# New Zealand orders 8 NH-90 Helicopters



## k9kiwi (Jul 31, 2006)

Oh yay, Our Govt bins the F-16 purchase. Bins the Skyhawk strike force. And now they decide to replace the Iroquios with the NH-90.

When will these brainless mongrels learn?

Our neighbours over the water, remember them Aunty Helen? operate the *Blackhawk*, we operate with them a lot, remember ANZAC Aunty Helen?

Now we go and order the NH-90, THAT works. 

There must be a shed load of spare parts and common equipment between the two when we are operating from forward bases. Or did I miss something?

Oh the pain.

ps it is only $771 million, and we don't see the first one until 2010.


----------



## Glider (Jul 31, 2006)

My God daughter was on track to be the first attack pilot in the RNZAF and was in her final year of training when they scrapped the A4. Was she gutted.

Cannot help thinking a number of Second Hand F16's would have been a better bet.


----------



## Glider (Jul 31, 2006)

Obviously read Female Attack Pilot


----------



## Wildcat (Aug 1, 2006)

Actually the Australian Army has ordered 12 or so NH90's. I believe they will start being deliverd in 2007 and will be based in Townsville. The Govt. has done this so the Blackhawks can be relocated from townsville to Sydney for Counter terrorism work with the SF units.


----------



## k9kiwi (Aug 1, 2006)

That makes me a bit happier about it.

Recently ( a few years back) my friend was on the second deployment (Army) to East Timor.

Here are his candid observations about NZ Equipment.

His Father was a Major deployed to Vietnam in 1969.

1. He flew to Timor in exactly the same Herc his Father flew to Vitnem in.

2. They were using th same APC's M113's as his Father had been in.

3. They were using exactly the same radio sets.

Real moral booster that lot.


----------



## DerAdlerIstGelandet (Aug 1, 2006)

The NH-90s are good aircraft though. Australia can put them to good use.

If I had been Australia though I would buy more Blackhawks like the new Mike models. The Blackhawk is the best helo of its class right now in the world. I am a bit biased though because I fly and work on Blackhawks.


----------



## plan_D (Aug 1, 2006)

Have you still got the UH-60As there, Chris?


----------



## DerAdlerIstGelandet (Aug 1, 2006)

Yeap but we also recieved 2 of our UH-60L's back and another 30 UH-60L just arrived.
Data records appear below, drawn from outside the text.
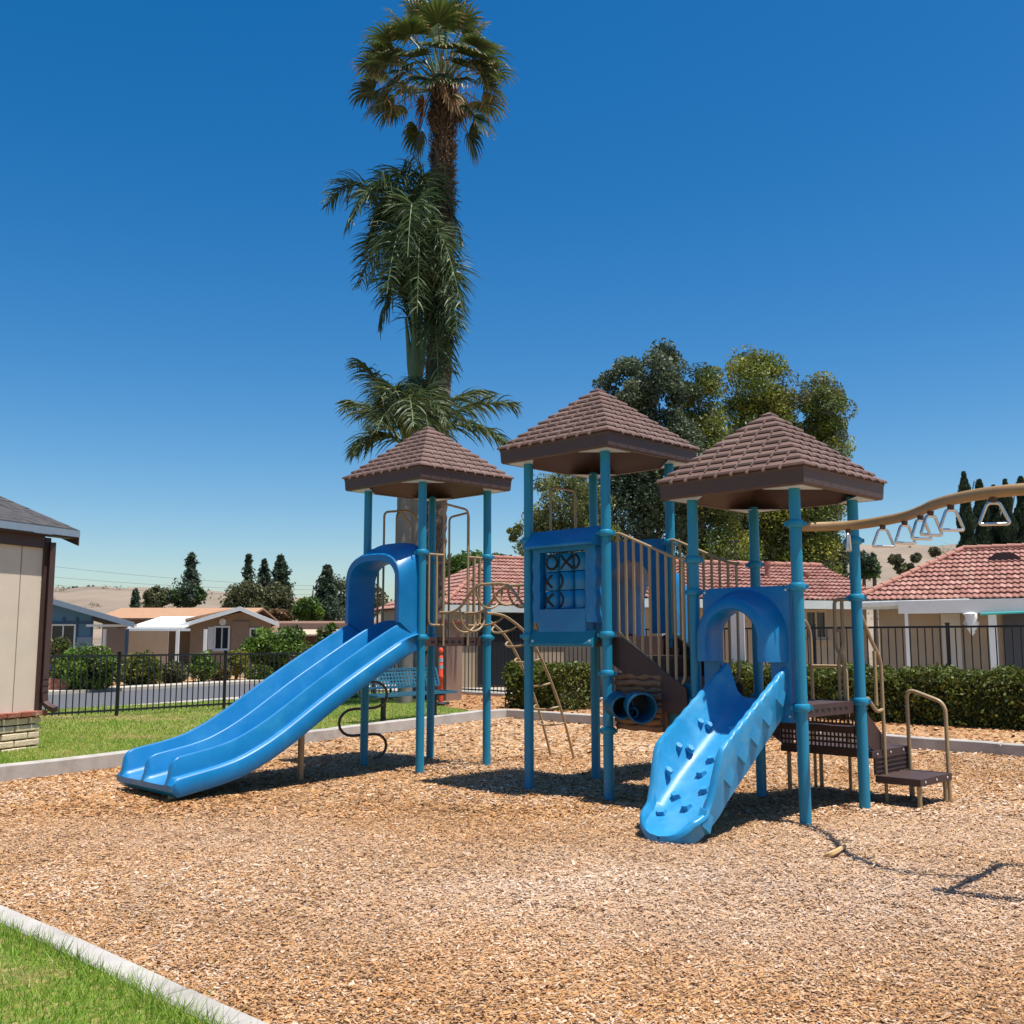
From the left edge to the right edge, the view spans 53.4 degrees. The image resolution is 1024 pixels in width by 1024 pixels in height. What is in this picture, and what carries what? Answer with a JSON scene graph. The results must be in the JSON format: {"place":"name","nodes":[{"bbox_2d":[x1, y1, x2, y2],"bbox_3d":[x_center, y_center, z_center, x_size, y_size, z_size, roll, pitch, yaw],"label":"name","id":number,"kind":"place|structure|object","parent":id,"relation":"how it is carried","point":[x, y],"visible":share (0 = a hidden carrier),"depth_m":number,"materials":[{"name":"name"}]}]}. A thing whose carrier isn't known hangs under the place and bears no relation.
{"place":"outdoors","nodes":[
{"label":"outdoors","id":0,"kind":"place"},
{"bbox_2d":[0,924,200,1023],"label":"front lawn","id":1,"kind":"structure","parent":0,"point":[54,994],"depth_m":4.00,"materials":[{"name":"plant"}]},
{"bbox_2d":[48,679,262,694],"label":"pavement","id":2,"kind":"structure","parent":0,"point":[108,689],"depth_m":35.90,"materials":[{"name":"concrete"}]},
{"bbox_2d":[105,697,238,706],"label":"pavement","id":3,"kind":"structure","parent":0,"point":[231,698],"depth_m":27.08,"materials":[{"name":"concrete"}]},
{"bbox_2d":[110,676,246,686],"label":"front gardens","id":4,"kind":"object","parent":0,"point":[189,680],"depth_m":41.53,"materials":[{"name":"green plant"}]},
{"bbox_2d":[48,678,71,689],"bbox_3d":[-14.754,5.610,33.059,0.950,0.420,0.500,0,-7,0],"label":"brick planter","id":5,"kind":"object","parent":4,"relation":"on","point":[56,684],"visible":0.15,"depth_m":32.81,"materials":[{"name":"red brick"}]},
{"bbox_2d":[50,636,71,667],"bbox_3d":[-15.872,5.253,35.611,0.953,1.903,1.126,0,-7,0],"label":"bush","id":6,"kind":"object","parent":4,"relation":"on","point":[60,645],"visible":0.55,"depth_m":35.42,"materials":[{"name":"green plant"}]},
{"bbox_2d":[49,641,126,689],"bbox_3d":[-14.008,5.204,33.635,2.354,1.885,2.210,0,-7,0],"label":"bush","id":7,"kind":"object","parent":4,"relation":"on","point":[89,650],"visible":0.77,"depth_m":33.14,"materials":[{"name":"green plant"}]},
{"bbox_2d":[121,649,163,684],"bbox_3d":[-13.693,5.843,37.563,1.653,1.570,1.604,4,-8,-28],"label":"bush","id":8,"kind":"object","parent":4,"relation":"on","point":[139,672],"visible":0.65,"depth_m":37.24,"materials":[{"name":"green plant"}]},
{"bbox_2d":[158,660,190,683],"bbox_3d":[-12.844,6.117,38.520,1.205,1.042,1.115,-4,-8,28],"label":"bush","id":9,"kind":"object","parent":4,"relation":"on","point":[174,669],"visible":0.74,"depth_m":38.27,"materials":[{"name":"green plant"}]},
{"bbox_2d":[187,650,218,681],"bbox_3d":[-12.349,6.167,40.553,1.242,1.334,1.292,0,-7,0],"label":"bush","id":10,"kind":"object","parent":4,"relation":"on","point":[196,665],"visible":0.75,"depth_m":40.27,"materials":[{"name":"green plant"}]},
{"bbox_2d":[210,661,232,680],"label":"bush","id":11,"kind":"object","parent":4,"relation":"on","point":[221,673],"visible":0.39,"depth_m":41.30,"materials":[{"name":"green plant"}]},
{"bbox_2d":[223,648,249,679],"bbox_3d":[-11.511,6.357,42.542,1.095,1.434,1.165,0,-7,0],"label":"bush","id":12,"kind":"object","parent":4,"relation":"on","point":[238,650],"visible":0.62,"depth_m":42.36,"materials":[{"name":"green plant"}]},
{"bbox_2d":[243,664,272,679],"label":"bush","id":13,"kind":"object","parent":4,"relation":"on","point":[261,673],"visible":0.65,"depth_m":41.24,"materials":[{"name":"green plant"}]},
{"bbox_2d":[239,624,309,671],"bbox_3d":[-10.601,6.370,45.536,3.262,2.694,2.708,0,-7,0],"label":"bush","id":14,"kind":"object","parent":4,"relation":"on","point":[267,641],"visible":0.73,"depth_m":45.07,"materials":[{"name":"green plant"}]},
{"bbox_2d":[309,622,338,647],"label":"leafy tree","id":15,"kind":"object","parent":4,"relation":"on","point":[327,631],"visible":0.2,"depth_m":49.35,"materials":[{"name":"green plant"}]},
{"bbox_2d":[58,567,313,596],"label":"overhead wires","id":16,"kind":"object","parent":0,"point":[312,594],"visible":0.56,"depth_m":144.74,"materials":[{"name":"black metal"}]},
{"bbox_2d":[42,678,397,709],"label":"road","id":17,"kind":"structure","parent":0,"point":[108,698],"depth_m":31.33,"materials":[{"name":"grey asphalt"}]},
{"bbox_2d":[0,692,465,762],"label":"lawn","id":18,"kind":"structure","parent":0,"point":[155,724],"depth_m":16.64,"materials":[{"name":"plant"}]},
{"bbox_2d":[0,496,79,751],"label":"clubhouse","id":19,"kind":"structure","parent":18,"relation":"on","point":[27,561],"depth_m":12.56,"materials":[{"name":"beige paint"}]},
{"bbox_2d":[37,650,398,716],"bbox_3d":[-5.499,3.226,19.492,0.087,1.140,13.263,-6,-9,39],"label":"iron fence","id":20,"kind":"object","parent":18,"relation":"on","point":[141,708],"visible":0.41,"depth_m":18.39,"materials":[{"name":"black metal"}]},
{"bbox_2d":[319,150,482,698],"bbox_3d":[-2.548,-2.224,23.964,3.515,13.049,3.964,4,-8,-28],"label":"queen palm","id":21,"kind":"object","parent":18,"relation":"on","point":[407,241],"visible":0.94,"depth_m":23.67,"materials":[{"name":"green plant"}]},
{"bbox_2d":[358,667,456,721],"bbox_3d":[-1.739,3.026,16.898,0.532,0.854,1.990,-5,-9,36],"label":"park bench","id":22,"kind":"object","parent":18,"relation":"on","point":[375,694],"visible":0.64,"depth_m":16.99,"materials":[{"name":"blue metal"}]},
{"bbox_2d":[334,358,522,703],"bbox_3d":[-1.852,0.219,22.249,3.940,7.779,3.690,3,-8,-26],"label":"queen palm","id":23,"kind":"object","parent":18,"relation":"on","point":[404,409],"visible":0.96,"depth_m":21.72,"materials":[{"name":"green plant"}]},
{"bbox_2d":[0,690,473,1023],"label":"lawn grass","id":24,"kind":"structure","parent":0,"point":[29,942],"depth_m":4.44,"materials":[{"name":"green plant"}]},
{"bbox_2d":[357,684,505,692],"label":"house yard","id":25,"kind":"structure","parent":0,"point":[495,688],"depth_m":28.79,"materials":[{"name":"green plant"}]},
{"bbox_2d":[374,555,563,687],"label":"tiled house","id":26,"kind":"structure","parent":25,"relation":"on","point":[507,569],"depth_m":30.07,"materials":[{"name":"tile"}]},
{"bbox_2d":[462,690,602,701],"bbox_3d":[7.082,3.574,17.113,24.300,0.300,0.550,-7,-10,45],"label":"fence footing","id":27,"kind":"object","parent":25,"relation":"on","point":[470,692],"depth_m":24.58,"materials":[{"name":"concrete"}]},
{"bbox_2d":[462,623,1023,697],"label":"iron fence","id":28,"kind":"object","parent":27,"relation":"on","point":[947,627],"visible":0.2,"depth_m":17.95,"materials":[{"name":"black metal"}]},
{"bbox_2d":[728,540,745,662],"bbox_3d":[4.323,1.787,19.679,0.360,2.483,0.023,-7,-10,45],"label":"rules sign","id":29,"kind":"object","parent":28,"relation":"attached to","point":[734,637],"visible":0.63,"depth_m":19.59,"materials":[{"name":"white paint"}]},
{"bbox_2d":[506,472,620,555],"bbox_3d":[1.816,2.311,35.973,4.070,7.636,3.221,0,-7,0],"label":"pine tree","id":30,"kind":"object","parent":25,"relation":"on","point":[541,517],"visible":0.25,"depth_m":35.60,"materials":[{"name":"green plant"}]},
{"bbox_2d":[586,337,707,541],"bbox_3d":[4.920,-0.143,38.305,5.061,13.089,4.156,0,-7,0],"label":"eucalyptus tree","id":31,"kind":"object","parent":25,"relation":"on","point":[640,501],"visible":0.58,"depth_m":37.86,"materials":[{"name":"green plant"}]},
{"bbox_2d":[664,362,769,560],"bbox_3d":[7.736,0.323,40.390,4.080,12.674,4.407,4,-8,-28],"label":"eucalyptus tree","id":32,"kind":"object","parent":25,"relation":"on","point":[707,382],"visible":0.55,"depth_m":39.90,"materials":[{"name":"green plant"}]},
{"bbox_2d":[565,559,888,694],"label":"tiled house","id":33,"kind":"structure","parent":25,"relation":"on","point":[825,590],"depth_m":25.26,"materials":[{"name":"tile"}]},
{"bbox_2d":[804,609,831,641],"bbox_3d":[7.429,2.777,24.880,0.800,0.790,0.130,2,-7,-16],"label":"window","id":34,"kind":"structure","parent":33,"relation":"in","point":[819,617],"depth_m":24.91,"materials":[{"name":"beige paint"}]},
{"bbox_2d":[445,549,511,577],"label":"leafy tree","id":35,"kind":"object","parent":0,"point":[458,562],"visible":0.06,"depth_m":46.40,"materials":[{"name":"green plant"}]},
{"bbox_2d":[116,656,878,678],"bbox_3d":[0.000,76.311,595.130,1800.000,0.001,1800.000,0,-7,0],"label":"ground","id":36,"kind":"structure","parent":0,"point":[871,660],"depth_m":76.48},
{"bbox_2d":[49,599,168,669],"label":"blue house","id":37,"kind":"structure","parent":36,"relation":"on","point":[74,624],"depth_m":44.72,"materials":[{"name":"blue paint"}]},
{"bbox_2d":[51,624,75,647],"bbox_3d":[-19.673,5.544,44.607,1.104,1.254,0.080,0,-7,0],"label":"window","id":38,"kind":"structure","parent":37,"relation":"in","point":[69,630],"depth_m":44.64,"materials":[{"name":"grey glass"}]},
{"bbox_2d":[129,588,143,607],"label":"cypress tree","id":39,"kind":"object","parent":36,"relation":"on","point":[135,601],"visible":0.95,"depth_m":109.44,"materials":[{"name":"green plant"}]},
{"bbox_2d":[142,585,169,607],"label":"olive tree","id":40,"kind":"object","parent":36,"relation":"on","point":[152,597],"visible":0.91,"depth_m":104.03,"materials":[{"name":"green plant"}]},
{"bbox_2d":[165,580,206,607],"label":"round tree","id":41,"kind":"object","parent":36,"relation":"on","point":[189,594],"visible":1,"depth_m":82.21,"materials":[{"name":"green plant"}]},
{"bbox_2d":[101,607,278,669],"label":"tan house","id":42,"kind":"structure","parent":36,"relation":"on","point":[200,630],"depth_m":57.66,"materials":[{"name":"beige paint"}]},
{"bbox_2d":[207,626,229,650],"bbox_3d":[-16.536,7.146,57.503,1.292,1.420,0.130,0,-7,0],"label":"window","id":43,"kind":"structure","parent":42,"relation":"in","point":[218,635],"depth_m":57.52,"materials":[{"name":"white paint"}]},
{"bbox_2d":[249,628,261,636],"bbox_3d":[-14.447,7.177,57.524,0.794,1.264,0.080,0,-7,0],"label":"window","id":44,"kind":"structure","parent":42,"relation":"in","point":[251,630],"depth_m":57.55,"materials":[{"name":"white paint"}]},
{"bbox_2d":[172,552,212,607],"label":"pine tree","id":45,"kind":"object","parent":36,"relation":"on","point":[190,573],"visible":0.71,"depth_m":84.82,"materials":[{"name":"green plant"}]},
{"bbox_2d":[218,578,277,609],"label":"olive tree","id":46,"kind":"object","parent":36,"relation":"on","point":[242,594],"visible":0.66,"depth_m":76.78,"materials":[{"name":"green plant"}]},
{"bbox_2d":[241,553,255,583],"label":"pine tree","id":47,"kind":"object","parent":36,"relation":"on","point":[248,570],"visible":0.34,"depth_m":87.93,"materials":[{"name":"green plant"}]},
{"bbox_2d":[254,558,271,586],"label":"pine tree","id":48,"kind":"object","parent":36,"relation":"on","point":[263,576],"visible":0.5,"depth_m":89.81,"materials":[{"name":"green plant"}]},
{"bbox_2d":[250,581,297,620],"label":"olive tree","id":49,"kind":"object","parent":36,"relation":"on","point":[283,599],"visible":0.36,"depth_m":77.98,"materials":[{"name":"green plant"}]},
{"bbox_2d":[265,553,295,608],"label":"pine tree","id":50,"kind":"object","parent":36,"relation":"on","point":[280,572],"visible":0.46,"depth_m":85.77,"materials":[{"name":"green plant"}]},
{"bbox_2d":[267,608,293,620],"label":"olive tree","id":51,"kind":"object","parent":36,"relation":"on","point":[283,614],"visible":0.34,"depth_m":73.50,"materials":[{"name":"brown plant"}]},
{"bbox_2d":[291,595,325,620],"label":"leafy tree","id":52,"kind":"object","parent":36,"relation":"on","point":[309,608],"visible":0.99,"depth_m":71.24,"materials":[{"name":"green plant"}]},
{"bbox_2d":[271,621,380,649],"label":"brown house","id":53,"kind":"structure","parent":36,"relation":"on","point":[309,628],"depth_m":63.61,"materials":[{"name":"paint"}]},
{"bbox_2d":[313,564,344,620],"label":"pine tree","id":54,"kind":"object","parent":36,"relation":"on","point":[326,594],"visible":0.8,"depth_m":79.31,"materials":[{"name":"green plant"}]},
{"bbox_2d":[332,574,391,616],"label":"leafy tree","id":55,"kind":"object","parent":36,"relation":"on","point":[343,583],"visible":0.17,"depth_m":88.93,"materials":[{"name":"green plant"}]},
{"bbox_2d":[710,344,845,574],"bbox_3d":[10.550,-0.086,42.098,5.792,13.911,5.407,-5,-9,36],"label":"eucalyptus tree","id":56,"kind":"object","parent":36,"relation":"on","point":[750,370],"visible":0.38,"depth_m":41.85,"materials":[{"name":"green plant"}]},
{"bbox_2d":[773,370,858,576],"bbox_3d":[12.115,0.421,41.292,3.780,12.707,4.077,-5,-9,35],"label":"eucalyptus tree","id":57,"kind":"object","parent":36,"relation":"on","point":[823,426],"visible":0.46,"depth_m":40.80,"materials":[{"name":"green plant"}]},
{"bbox_2d":[822,531,849,579],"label":"tree","id":58,"kind":"object","parent":36,"relation":"on","point":[846,574],"visible":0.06,"depth_m":61.44,"materials":[{"name":"green plant"}]},
{"bbox_2d":[860,549,880,663],"bbox_3d":[20.738,5.628,59.763,1.776,6.962,1.986,0,-7,0],"label":"leafy tree","id":59,"kind":"object","parent":36,"relation":"on","point":[870,565],"visible":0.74,"depth_m":59.47,"materials":[{"name":"green plant"}]},
{"bbox_2d":[871,552,882,664],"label":"tree","id":60,"kind":"object","parent":36,"relation":"on","point":[875,614],"visible":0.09,"depth_m":69.49,"materials":[{"name":"green plant"}]},
{"bbox_2d":[955,471,977,547],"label":"cypress tree","id":61,"kind":"object","parent":36,"relation":"on","point":[969,518],"visible":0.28,"depth_m":44.10,"materials":[{"name":"green plant"}]},
{"bbox_2d":[972,478,994,544],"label":"cypress tree","id":62,"kind":"object","parent":36,"relation":"on","point":[983,535],"visible":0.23,"depth_m":45.07,"materials":[{"name":"green plant"}]},
{"bbox_2d":[988,484,1001,543],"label":"cypress tree","id":63,"kind":"object","parent":36,"relation":"on","point":[995,511],"visible":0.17,"depth_m":46.16,"materials":[{"name":"green plant"}]},
{"bbox_2d":[997,478,1018,543],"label":"cypress tree","id":64,"kind":"object","parent":36,"relation":"on","point":[1007,534],"visible":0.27,"depth_m":44.62,"materials":[{"name":"green plant"}]},
{"bbox_2d":[1013,476,1023,543],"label":"cypress tree","id":65,"kind":"object","parent":36,"relation":"on","point":[1018,513],"visible":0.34,"depth_m":45.15,"materials":[{"name":"green plant"}]},
{"bbox_2d":[53,544,957,655],"bbox_3d":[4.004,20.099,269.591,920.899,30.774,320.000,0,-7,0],"label":"hills","id":66,"kind":"structure","parent":0,"point":[109,599],"depth_m":235.09,"materials":[{"name":"brown plant"}]},
{"bbox_2d":[53,543,951,628],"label":"hill scrub","id":67,"kind":"object","parent":66,"relation":"on","point":[94,604],"visible":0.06,"depth_m":258.48,"materials":[{"name":"green plant"}]},
{"bbox_2d":[887,553,904,565],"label":"hill shrub","id":68,"kind":"object","parent":66,"relation":"on","point":[894,559],"visible":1,"depth_m":94.82,"materials":[{"name":"green plant"}]},
{"bbox_2d":[892,562,914,573],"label":"hill shrub","id":69,"kind":"object","parent":66,"relation":"on","point":[902,568],"visible":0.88,"depth_m":94.83,"materials":[{"name":"green plant"}]},
{"bbox_2d":[909,552,922,562],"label":"hill shrub","id":70,"kind":"object","parent":66,"relation":"on","point":[916,557],"visible":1,"depth_m":94.99,"materials":[{"name":"green plant"}]},
{"bbox_2d":[927,546,941,557],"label":"hill shrub","id":71,"kind":"object","parent":66,"relation":"on","point":[934,551],"visible":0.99,"depth_m":95.02,"materials":[{"name":"green plant"}]},
{"bbox_2d":[0,717,1023,1023],"bbox_3d":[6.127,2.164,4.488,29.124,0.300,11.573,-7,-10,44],"label":"wood chip ground","id":72,"kind":"structure","parent":0,"point":[574,850],"depth_m":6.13,"materials":[{"name":"brown wood"}]},
{"bbox_2d":[0,905,267,1023],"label":"front kerb","id":73,"kind":"structure","parent":72,"relation":"on","point":[239,1018],"depth_m":4.25,"materials":[{"name":"concrete"}]},
{"bbox_2d":[0,710,482,781],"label":"lawn kerb","id":74,"kind":"structure","parent":72,"relation":"on","point":[41,768],"depth_m":11.44,"materials":[{"name":"concrete"}]},
{"bbox_2d":[116,388,1023,845],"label":"play structure","id":75,"kind":"object","parent":72,"relation":"on","point":[678,684],"visible":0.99,"depth_m":9.48,"materials":[{"name":"blue plastic"}]},
{"bbox_2d":[491,709,1023,757],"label":"kerb","id":76,"kind":"structure","parent":72,"relation":"on","point":[978,746],"depth_m":13.41,"materials":[{"name":"concrete"}]},
{"bbox_2d":[823,844,846,856],"bbox_3d":[2.219,2.275,6.885,0.083,0.048,0.486,-5,-9,36],"label":"bark strip piece","id":77,"kind":"object","parent":72,"relation":"on","point":[834,852],"visible":1,"depth_m":6.71,"materials":[{"name":"beige wood"}]},
{"bbox_2d":[0,0,1023,600],"label":"sky","id":78,"kind":"structure","parent":0,"point":[836,187],"materials":[{"name":"blue"}]},
{"bbox_2d":[425,693,1023,743],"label":"bark strip","id":79,"kind":"object","parent":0,"point":[1009,739],"visible":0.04,"depth_m":15.28,"materials":[{"name":"brown wood"}]},
{"bbox_2d":[348,0,518,698],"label":"fan palm","id":80,"kind":"object","parent":79,"relation":"on","point":[436,21],"visible":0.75,"depth_m":25.06,"materials":[{"name":"green plant"}]},
{"bbox_2d":[437,648,449,704],"bbox_3d":[-1.465,3.367,20.914,0.380,1.155,0.374,0,-7,0],"label":"delineator post","id":81,"kind":"object","parent":79,"relation":"on","point":[440,701],"visible":0.91,"depth_m":20.87,"materials":[{"name":"orange plastic"}]},
{"bbox_2d":[435,619,464,700],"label":"pillar","id":82,"kind":"structure","parent":79,"relation":"on","point":[452,667],"depth_m":22.61,"materials":[{"name":"brown paint"}]},
{"bbox_2d":[501,660,590,710],"bbox_3d":[0.740,3.396,20.054,1.759,1.014,1.384,-7,-10,44],"label":"hedge","id":83,"kind":"object","parent":79,"relation":"on","point":[571,681],"visible":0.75,"depth_m":19.62,"materials":[{"name":"green plant"}]},
{"bbox_2d":[723,659,1023,730],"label":"hedge","id":84,"kind":"object","parent":79,"relation":"on","point":[983,699],"visible":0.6,"depth_m":16.06,"materials":[{"name":"green plant"}]},
{"bbox_2d":[862,543,1023,681],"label":"tiled house","id":85,"kind":"structure","parent":0,"point":[985,583],"depth_m":24.46,"materials":[{"name":"tile"}]},
{"bbox_2d":[941,614,962,668],"bbox_3d":[10.462,3.420,24.178,0.420,2.000,0.070,-4,-8,28],"label":"door","id":86,"kind":"structure","parent":85,"relation":"in","point":[954,619],"depth_m":24.19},
{"bbox_2d":[963,612,978,635],"bbox_3d":[10.585,2.576,23.472,0.337,0.540,0.201,-1,-7,11],"label":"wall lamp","id":87,"kind":"object","parent":85,"relation":"hanging from","point":[970,619],"visible":0.86,"depth_m":23.42,"materials":[{"name":"white"}]},
{"bbox_2d":[1003,613,1023,681],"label":"sliding door","id":88,"kind":"structure","parent":85,"relation":"in","point":[1008,619],"depth_m":23.57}
]}

More of the Chinooks have arrived as well. I need to bust out the camara because some of the nice ones with the pin up cover art like on old B-17s and what not have arrived.

I will take my camara tomorrow because I am doing a good training flight down to the Alps, Garmisch, Bertschesgarden, Neuschwanstein and then to Munich for lunch.


----------



## plan_D (Aug 1, 2006)

If I had any leave left I'd come over for a week just to see the Chinooks. But I haven't got any until March!


----------



## DerAdlerIstGelandet (Aug 1, 2006)

Well pD you are allways welcome. 

You and Sarah better come over for Rock im Park again next year. I think it would be neat if Les and his son would fly over too.

The best part is that I will be a civilian next year at Rock im Park and my hair will be starting to flow again!


----------



## plan_D (Aug 1, 2006)

Damn right we're coming for Rock im Park next year. I've already got that time booked off.


----------



## DerAdlerIstGelandet (Aug 1, 2006)

Awesome!


----------